Precisely measuring jets as they emerge from heavy-ion collisions thus provides an excellent tool to probe the quark gluon plasma itself, about which relatively little is known. But the indirect measurements of jet quenching possible at RHIC severely limited scientists' ability to explain exactly what was happening to the jets as they passed through the plasma. ATLAS has shown in its publication today that direct measurements of jet quenching are possible at the LHC, and that the phenomenon is even stronger than expected from the RHIC results.

"This result, the fact that the interactions are so strong, was completely unexpected," says Brian Cole from Columbia University, who led the ATLAS analysis. The effect is so strong at the LHC that scientists in both the ATLAS and CMS experiments were able to see it with their own eyes as they looked at event displays on computer monitors. "We also see that the jets remain exactly back-to-back, even when they're quenched.

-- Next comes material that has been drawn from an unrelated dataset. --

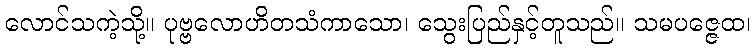
လောင်သကဲ့သို့။ ပုဗ္ဗလောဟိတသံကာသော၊ သွေးပြည်နှင့်တူသည်။ သမပဇ္ဇေထ၊

This is startling, and was the kind of insight we didn't get at RHIC."

ATLAS and CMS are able to directly measure jet quenching for two reasons. First, the higher collision energy at the LHC  means that jets have enough energy to make it out of the collision zone and into the particle detectors. Second, unlike the RHIC detectors, the ATLAS and CMS detectors capture almost all of the particles that stream outward from the collision point, and are sophisticated enough to record all of the particles that make up a jet.

"In ATLAS the jets have nowhere to hide," says Peter Steinberg from Brookhaven National Laboratory, co-leader of the heavy ion physics group within ATLAS. "We see one jet that's a sharp cone, and debris in the other direction that seems to originate from the recoiling jet. It's analogous to comparing a drop of ink falling in air, and in water. In one case the drop goes straight ahead and in the other it diffuses and spreads as it interacts with the water, but in either case nothing is lost."

But scientists, including Cole, caution that this is just another step in a process that will span years and perhaps decades, as scientists seek to understand exactly how quarks and gluons interact within the plasma. But with the knowledge in hand that the jet quenching effect is strong at the LHC, and the ability to directly measure the phenomenon, scientists from ATLAS, CMS and ALICE will forge ahead with more analysis using more lead-ion collision data. Theoretical physicists will turn to the task of interpreting the new measurements, all with the goal of learning more about the behavior of the universe's fundamental particles and forces.

The ATLAS result has been accepted for publication by the journal Physical Review Letters, and a draft is available on the CERN document server.